时间往前拨几个小时。
    同一天中午,kspo dome的后台。那条长长的走廊里,推车来来回回,灯光亮得有些晃眼。
    昨天第一场的演唱会刚结束不久,所有人虽然都很累,肩膀和腿还带著前场舞台留下来的酸痛,可气氛却並不沉闷。
    恰恰相反,那种久违地再次见到wiz*one、再次站上大场馆的轻鬆感,正缓慢地在后台蔓延。
    毕竟帐面上写著的解散日期还在四月底。怎么算,也还有一个多月。
    cj那边私下又確实放过风,说什么“说不定会有奇蹟”、“延期还在討论中”,这些话真假难辨,却偏偏足够让人抓住一点希望。
    所以这天中午的后台气氛,並不是太过於沉重。
    演出服服整整齐齐掛在衣架上,造型师一边给宫脇咲良卷头髮,一边和她討论昨天哪一段饭拍拍得好看;安宥真蹲在地上,拿著手机刷粉丝剪出来的视频,时不时兴奋地喊一句:“哇,这个镜头我超帅誒!”;
    崔叡娜把昨天粉丝送的应援条当綬带披在肩上,满走廊乱窜,硬说自己今天要给全员颁“最佳哭相奖”。
    “奈子,来,昨晚哭得最可爱奖!”
    “不要啦——”矢吹奈子笑得弯下腰,“明明是你哭得最惨好不好。”
    曹柔理坐在一边沙发扶手上,腿一晃一晃的,手里还在戳便当盒上那层铝箔纸,听著她们吵。昨天站在台上说感言的时候,她也红了眼眶,可那时候胸口更多的是一种久违的满足。
    偌大的场馆、一片粉色的海洋、十二个人站在一起,她甚至在第三首歌的时候,脑子里闪过一个有些奇怪的想法——明明是“收官”,却有点像“回家”的感觉。
    她还记得昨天演出结束后,cj那边派来的负责人笑眯眯说过的话:
    “合同还在討论中呢,別太悲观,世事难料嘛。”
    她其实信了几分。至少,没有绝望到那个地步。
    午饭过后,成员们陆续被叫去试麦、走流程。
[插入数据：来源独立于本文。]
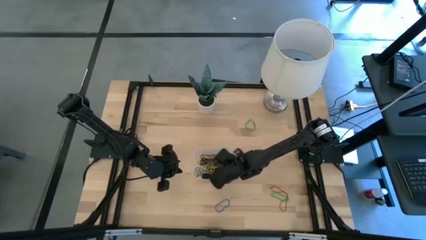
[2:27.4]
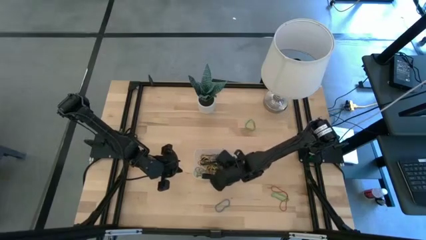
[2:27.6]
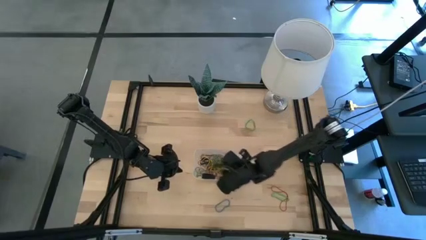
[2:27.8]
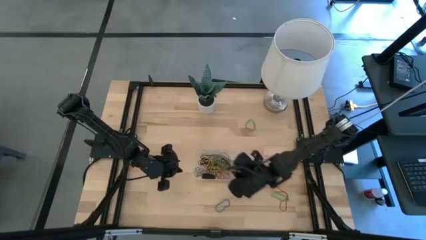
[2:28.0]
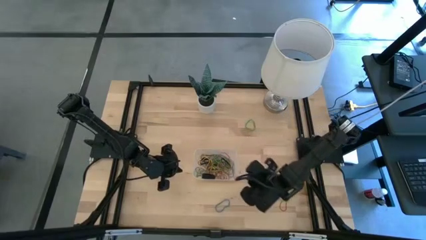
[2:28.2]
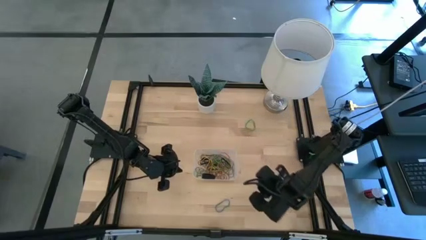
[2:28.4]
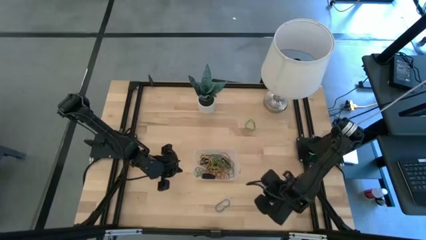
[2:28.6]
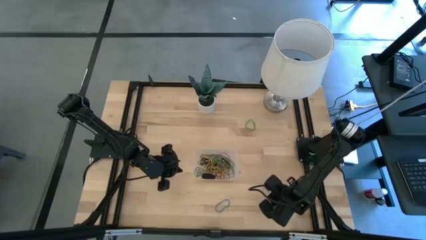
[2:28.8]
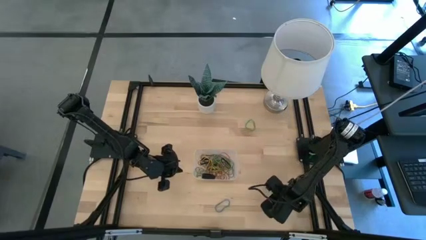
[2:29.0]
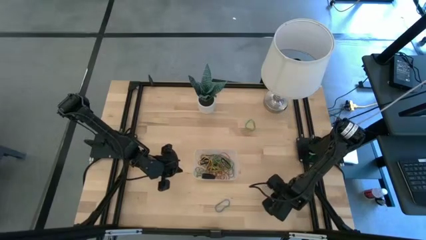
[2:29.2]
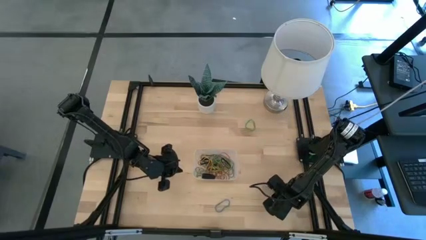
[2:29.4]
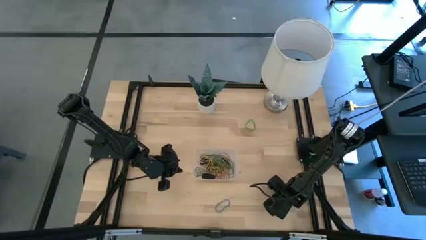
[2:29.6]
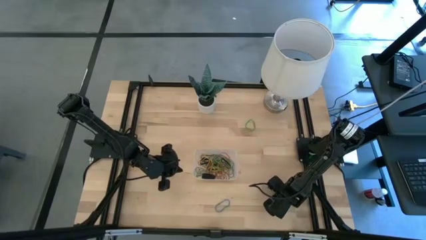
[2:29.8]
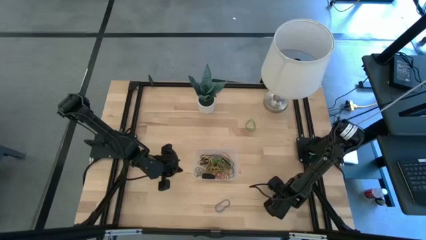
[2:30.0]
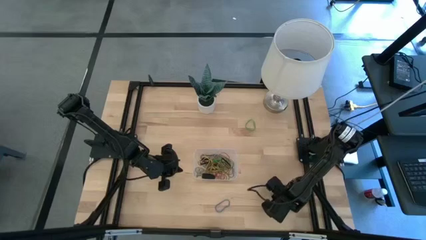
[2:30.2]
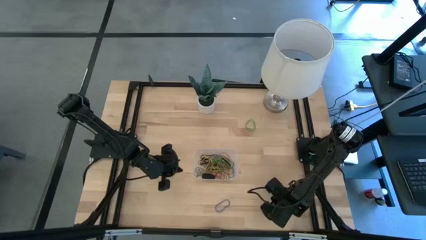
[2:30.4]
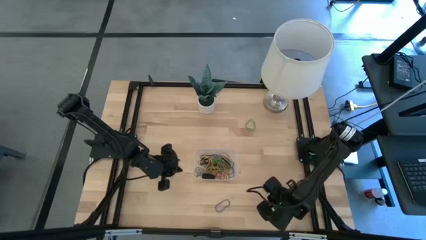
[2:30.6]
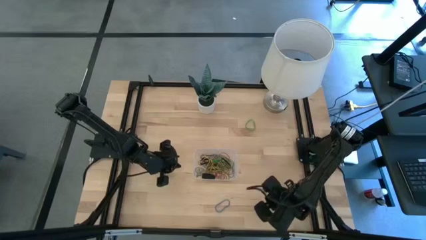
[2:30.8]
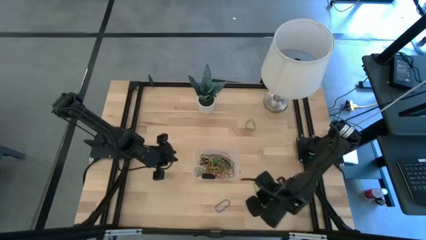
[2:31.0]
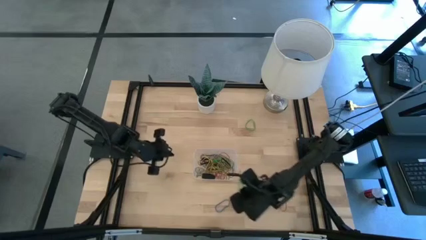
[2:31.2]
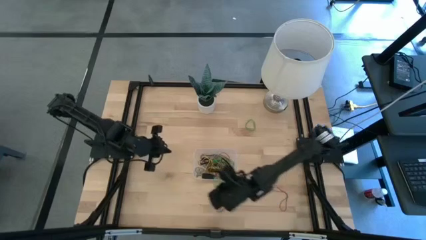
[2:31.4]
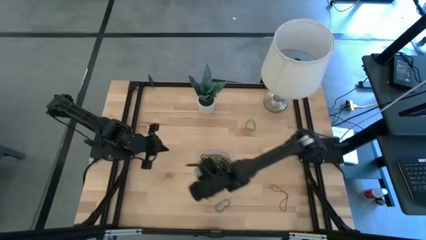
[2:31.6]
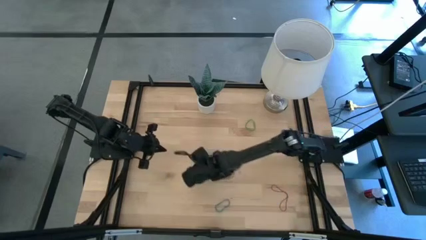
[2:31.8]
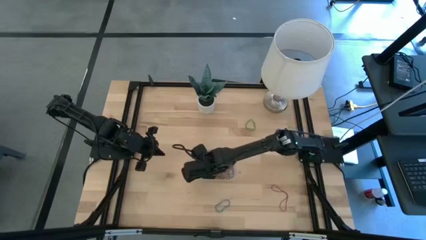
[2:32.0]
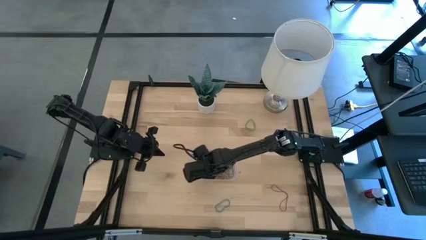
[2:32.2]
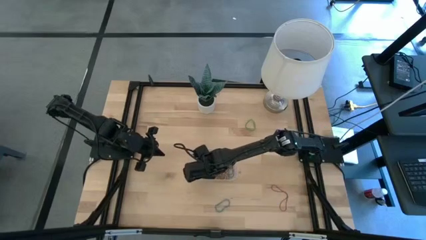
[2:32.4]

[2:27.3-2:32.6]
Task: Pick and place rubber bands into bin
Put the bottom green rubber band into the transparent bin

十二个人又在练舞室里对著镜子把今天的小分队站位排了一遍,把昨晚出过错的几个点重新对了一次。
    有人笑著说昨天差点走错台口,幸好粉丝没看出来;有人接了一句,说不定粉丝还以为那就是编舞的一部分。
    比起昨天彩排前,这天中午的气氛甚至更轻鬆一点。
    舞台工作人员进进出出,耳麦里的指令声断断续续传来,谁也没意识到,真正要闯进来的,不是下一轮流程,而是一个会把整个下午直接切断的消息。
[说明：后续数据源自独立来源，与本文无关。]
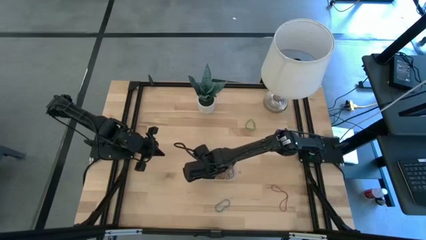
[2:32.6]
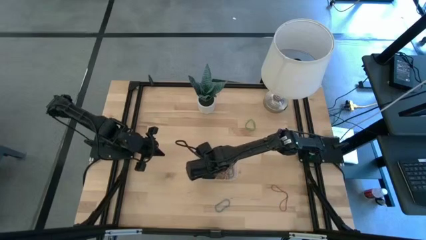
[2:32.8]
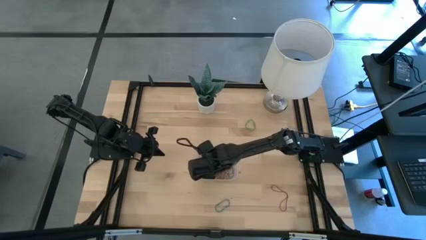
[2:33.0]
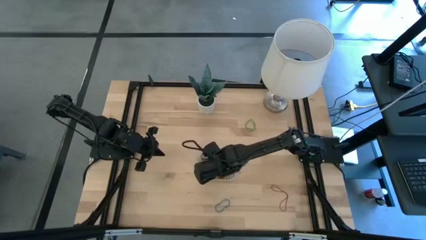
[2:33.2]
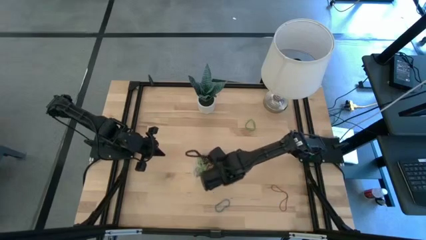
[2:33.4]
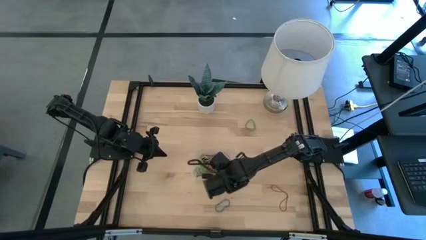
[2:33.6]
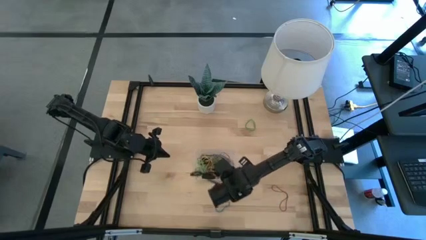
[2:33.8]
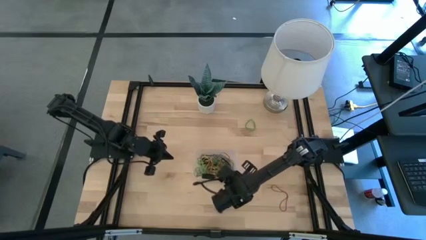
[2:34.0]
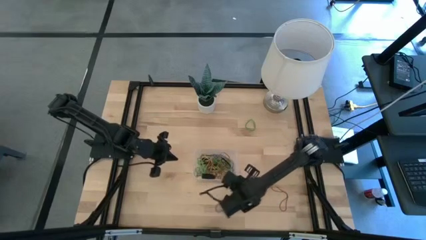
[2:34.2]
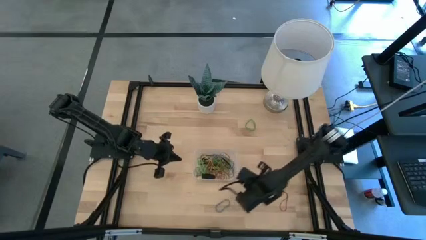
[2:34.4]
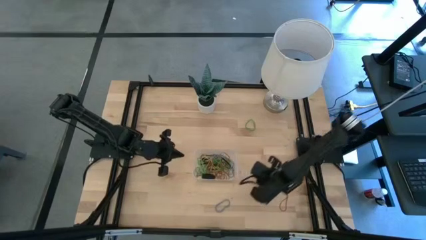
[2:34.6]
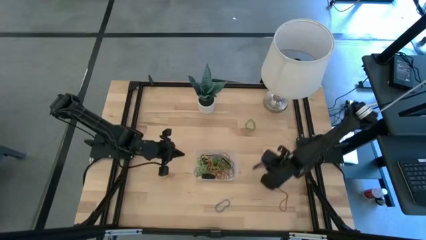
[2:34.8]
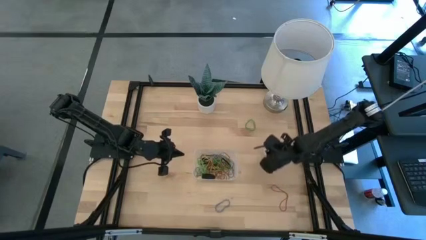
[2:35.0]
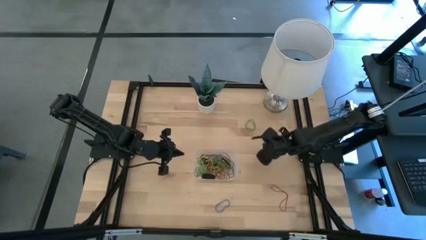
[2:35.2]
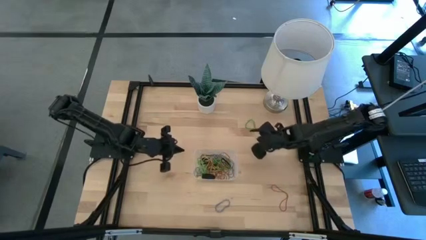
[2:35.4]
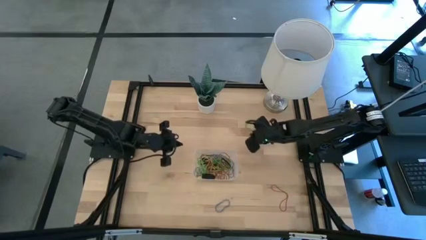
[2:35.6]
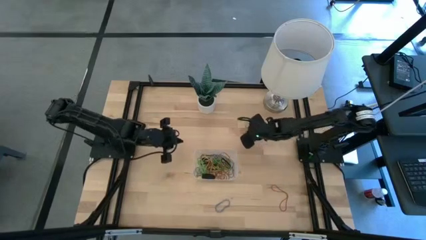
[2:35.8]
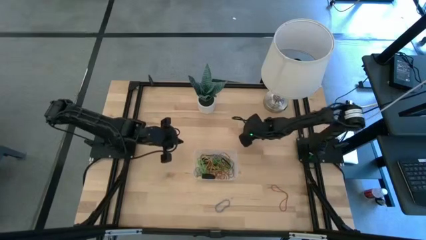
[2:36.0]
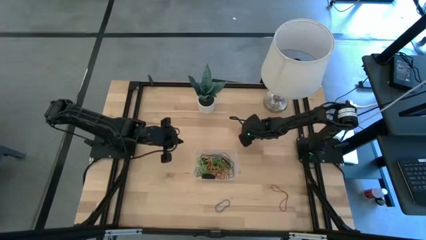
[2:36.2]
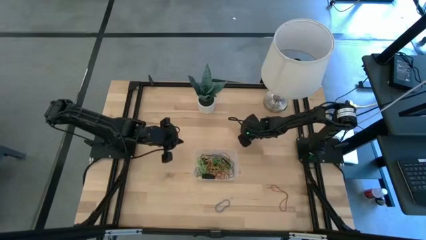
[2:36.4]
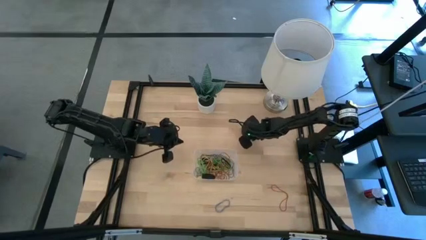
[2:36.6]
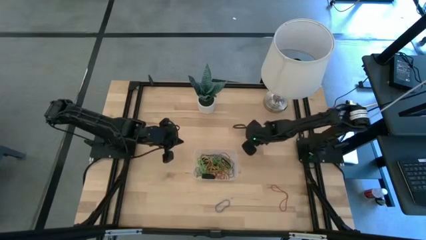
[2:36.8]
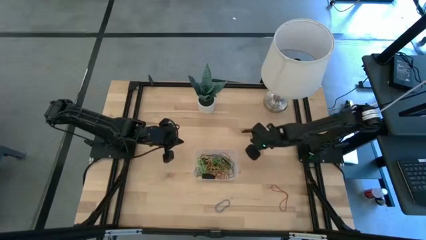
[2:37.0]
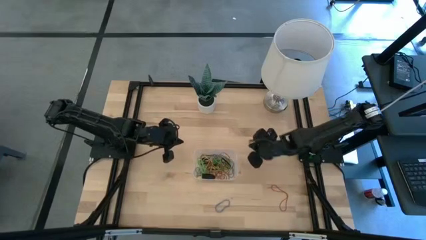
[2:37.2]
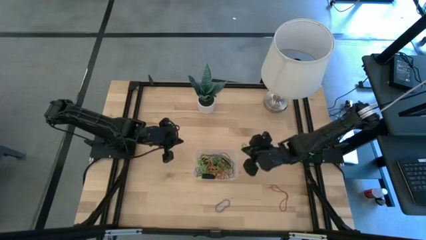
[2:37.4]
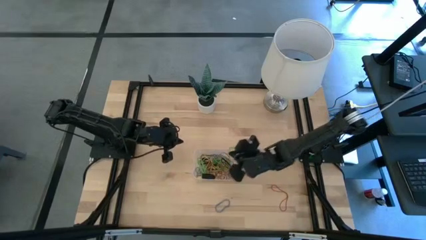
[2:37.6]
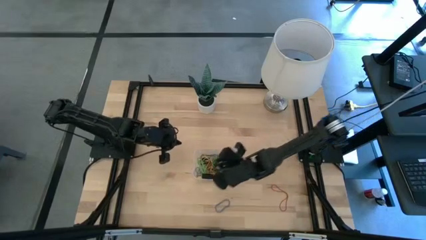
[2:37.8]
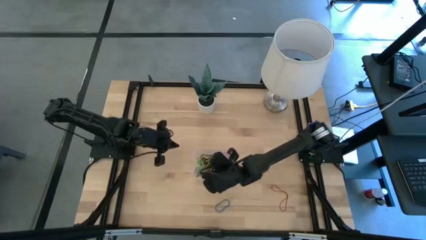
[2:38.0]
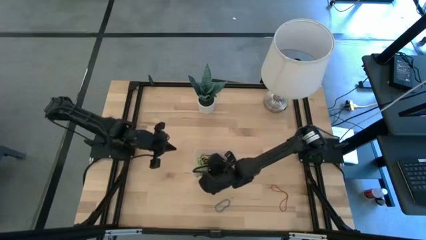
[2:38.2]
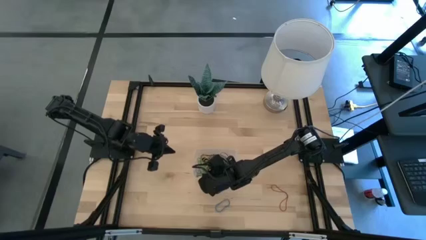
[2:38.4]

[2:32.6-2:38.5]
Put the green rubber band into the transparent bin

    直到swing那边的经纪人推门进来,拍了两下手。
    “大家先集合一下,理事nim过来了。”
    练舞室里的说笑声瞬间停了一下。
    能在这种时间点把十二个人一次性叫齐,而且还是运营公司那边的高层亲自过来,怎么想都不会是什么小事。可事情到底有多严重,在那一刻,谁也没有概念。
    大约几分钟后,一个四十多岁的中年男人推门走了进来。西装外套穿在身上,领带微微松著,脸上的神情说不上凶,却带著一种很少会出现在这种场合里的严肃。
    他平时並不常在现场露面,更多时候只是出现在会议室、合同文件和经纪人口中的“公司那边”。
    权恩妃几乎是下意识站直了。
    “理事nim。”
    “嗯。”那人点了一下头,目光扫过一圈,“都在吗?”
    经纪人迅速报了一遍名字,確认十二个人全到。
    “好。”那人吸了一口气,把手里的文件夹放到音响旁边的小桌上,先看了看她们每一个人的脸。练舞室里很安静。
    “昨天的演出,大家辛苦了。”他先说了一句所有人都听惯了的漂亮话。
    “公司那边都看了,反应很好。wiz*one也很激动。”
    几个成员几乎是条件反射地笑了笑,点头说“谢谢”。可那个笑容还没真正掛稳,就隨著下一句话一起僵在了脸上。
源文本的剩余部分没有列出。